** What you will do **
Report only how many lines of the entries below contain the string "grade".
------ Data to process ------
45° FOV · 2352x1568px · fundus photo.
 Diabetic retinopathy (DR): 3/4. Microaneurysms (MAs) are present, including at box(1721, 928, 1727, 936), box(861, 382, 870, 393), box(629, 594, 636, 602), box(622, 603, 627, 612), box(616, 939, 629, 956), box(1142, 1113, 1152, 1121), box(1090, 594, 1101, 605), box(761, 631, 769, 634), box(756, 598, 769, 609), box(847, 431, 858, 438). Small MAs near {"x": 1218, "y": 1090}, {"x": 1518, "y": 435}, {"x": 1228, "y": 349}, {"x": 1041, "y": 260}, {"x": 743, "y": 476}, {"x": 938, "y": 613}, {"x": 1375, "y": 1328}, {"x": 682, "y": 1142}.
------
------ Data to process ------
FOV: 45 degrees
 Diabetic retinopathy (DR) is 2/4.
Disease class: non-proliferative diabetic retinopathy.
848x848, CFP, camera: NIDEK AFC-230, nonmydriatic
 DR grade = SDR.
------
------ Data to process ------
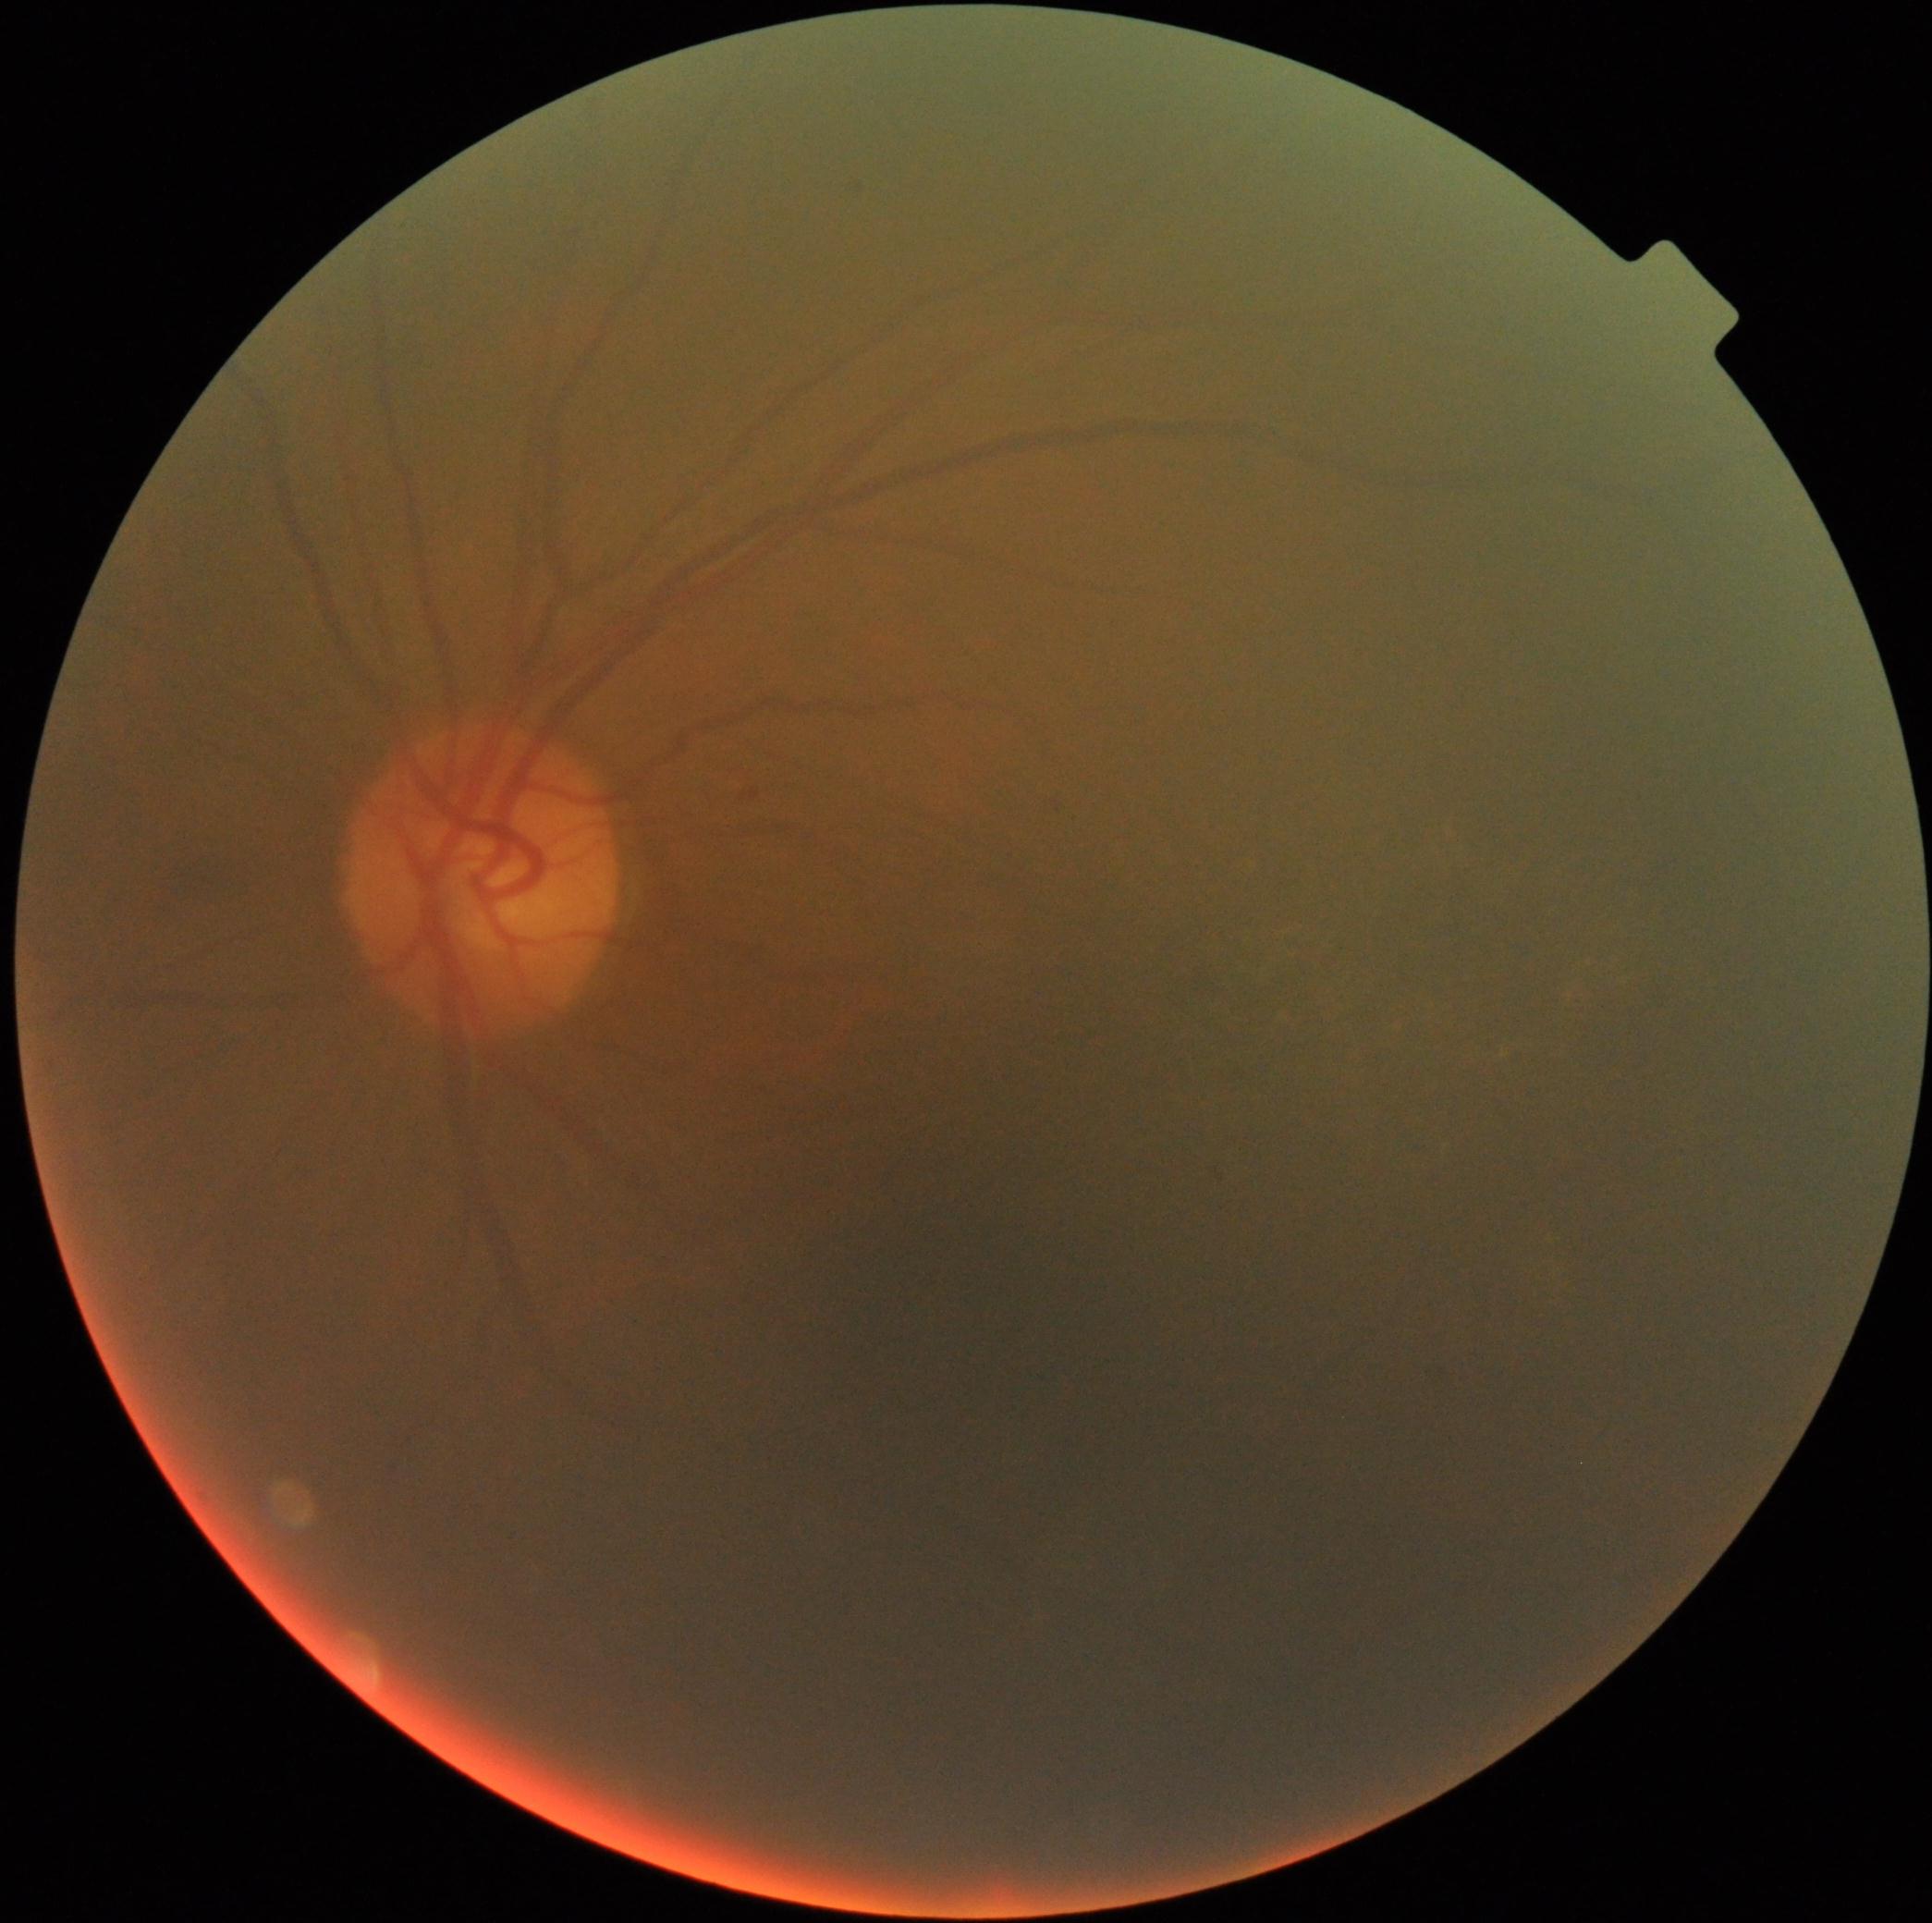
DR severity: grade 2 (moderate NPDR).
------
** Solution to the exercise **
2